Już po czterech spotkaniach drużyna Stanów Zjednoczonych zapewniła sobie awans do ćwierćfinału Grupy Światowej na nawierzchni trawiastej w Melbourne. Po pierwszym niedzielnym spotkaniu USA prowadzi z Australią 3:1.
Zdecydowanym kluczem do zwycięstwa Johna Isnera nad Bernardem Tomiciem był niesamowity serwis. Przez dwie godziny i piętnaście minut „Big John” nie popełnił ani jednego podwójnego błędu, a przy tym posłał 49 asów! Ostatecznie mecz zakończył się wynikiem 6:4 6:4 5:7 7:6 (4).
Walkę o miejsce w półfinale Amerykanie stoczą z lepszym z pojedynku Chorwatów z ubiegłorocznymi finalistami tych rozgrywek, Belgami.
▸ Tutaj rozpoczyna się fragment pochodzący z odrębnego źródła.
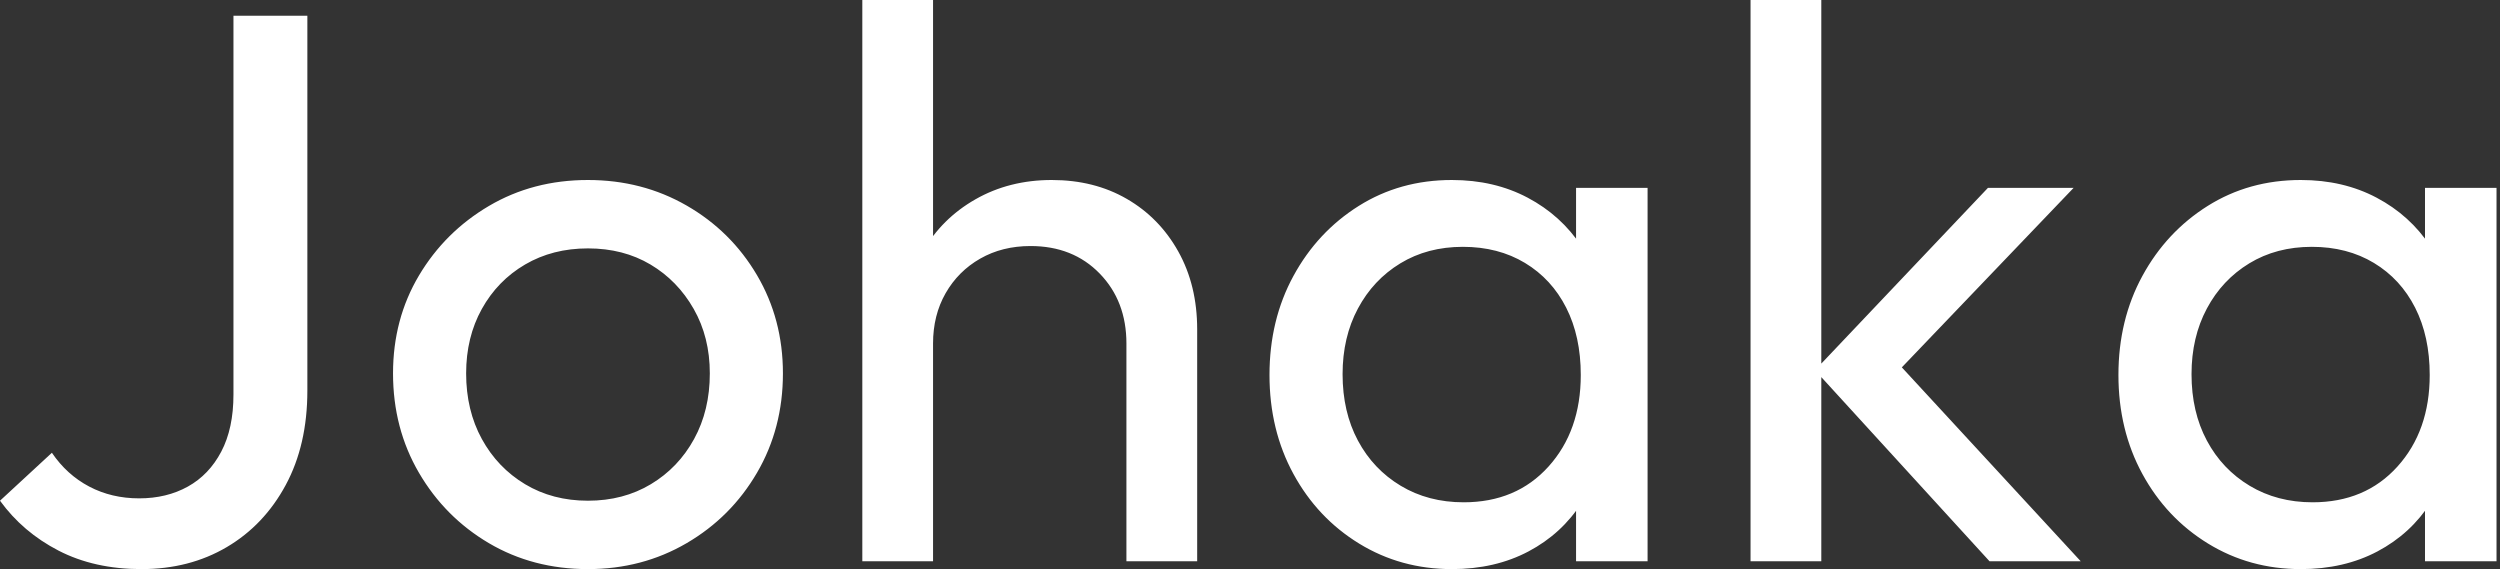 <svg baseProfile="full" height="28" version="1.1" viewBox="0 0 123 28" width="123" xmlns="http://www.w3.org/2000/svg" xmlns:ev="http://www.w3.org/2001/xml-events" xmlns:xlink="http://www.w3.org/1999/xlink"><rect x="0" y="0" width="123" height="28" fill="#333333" stroke="none"/><defs /><g><path d="M8.122 28Q5.801 28 4.041 27.091Q2.282 26.182 1.16 24.635L3.713 22.276Q4.448 23.359 5.55 23.939Q6.652 24.519 8.006 24.519Q9.359 24.519 10.403 23.939Q11.448 23.359 12.047 22.218Q12.646 21.077 12.646 19.414V0.773H16.282V19.221Q16.282 21.89 15.218 23.862Q14.155 25.834 12.318 26.917Q10.481 28 8.122 28Z M30.088 28Q27.381 28 25.215 26.724Q23.05 25.448 21.773 23.262Q20.497 21.077 20.497 18.37Q20.497 15.702 21.773 13.555Q23.05 11.409 25.215 10.133Q27.381 8.856 30.088 8.856Q32.757 8.856 34.942 10.113Q37.127 11.37 38.403 13.536Q39.68 15.702 39.68 18.37Q39.68 21.077 38.403 23.262Q37.127 25.448 34.942 26.724Q32.757 28 30.088 28ZM30.088 24.635Q31.829 24.635 33.182 23.823Q34.536 23.011 35.309 21.599Q36.083 20.188 36.083 18.37Q36.083 16.591 35.29 15.199Q34.497 13.807 33.163 13.014Q31.829 12.221 30.088 12.221Q28.348 12.221 26.994 13.014Q25.641 13.807 24.867 15.199Q24.094 16.591 24.094 18.37Q24.094 20.188 24.867 21.599Q25.641 23.011 26.994 23.823Q28.348 24.635 30.088 24.635Z M56.58 27.613V16.901Q56.58 14.812 55.265 13.459Q53.95 12.105 51.862 12.105Q50.47 12.105 49.387 12.724Q48.304 13.343 47.685 14.425Q47.066 15.508 47.066 16.901L45.635 16.088Q45.635 14 46.564 12.376Q47.492 10.751 49.155 9.804Q50.818 8.856 52.906 8.856Q54.994 8.856 56.599 9.785Q58.204 10.713 59.133 12.376Q60.061 14.039 60.061 16.204V27.613ZM43.586 27.613V0.0H47.066V27.613Z M72.591 28Q70.077 28 68.028 26.743Q65.978 25.486 64.798 23.32Q63.619 21.155 63.619 18.448Q63.619 15.74 64.798 13.575Q65.978 11.409 68.008 10.133Q70.039 8.856 72.591 8.856Q74.68 8.856 76.323 9.727Q77.967 10.597 78.972 12.124Q79.978 13.652 80.094 15.663V21.193Q79.978 23.166 78.992 24.713Q78.006 26.26 76.362 27.13Q74.718 28 72.591 28ZM73.171 24.713Q75.762 24.713 77.348 22.953Q78.934 21.193 78.934 18.448Q78.934 16.552 78.218 15.141Q77.503 13.729 76.188 12.936Q74.873 12.144 73.133 12.144Q71.392 12.144 70.058 12.956Q68.724 13.768 67.97 15.18Q67.215 16.591 67.215 18.409Q67.215 20.265 67.97 21.677Q68.724 23.088 70.077 23.901Q71.431 24.713 73.171 24.713ZM78.702 27.613V22.663L79.359 18.177L78.702 13.729V9.243H82.221V27.613Z M99.044 27.613 90.459 18.215 98.967 9.243H103.182L93.707 19.144L93.862 17.133L103.53 27.613ZM87.287 27.613V0.0H90.768V27.613Z M114.359 28Q111.845 28 109.796 26.743Q107.746 25.486 106.566 23.32Q105.387 21.155 105.387 18.448Q105.387 15.74 106.566 13.575Q107.746 11.409 109.776 10.133Q111.807 8.856 114.359 8.856Q116.448 8.856 118.091 9.727Q119.735 10.597 120.74 12.124Q121.746 13.652 121.862 15.663V21.193Q121.746 23.166 120.76 24.713Q119.773 26.26 118.13 27.13Q116.486 28 114.359 28ZM114.939 24.713Q117.53 24.713 119.116 22.953Q120.702 21.193 120.702 18.448Q120.702 16.552 119.986 15.141Q119.271 13.729 117.956 12.936Q116.641 12.144 114.901 12.144Q113.16 12.144 111.826 12.956Q110.492 13.768 109.738 15.18Q108.983 16.591 108.983 18.409Q108.983 20.265 109.738 21.677Q110.492 23.088 111.845 23.901Q113.199 24.713 114.939 24.713ZM120.47 27.613V22.663L121.127 18.177L120.47 13.729V9.243H123.989V27.613Z " fill="rgb(255,255,255)" transform="translate(-1.16, 0)" /></g></svg>

Jak na razie, w Liege prowadzą goście 2:1.
—
Australia – USA 1:3
Sam Groth – John Isner 6:7 (2) 2:6 2:6
Bernard Tomic – Jack Sock 7:6 (2) 6:3 3:6 6:4
Hewitt/Peers – Bryan/Bryan 3:6 3:6 6:4 6:4 3:6
Bernard Tomic – John Isner 4:6 4:6 7:5 6:7 (4).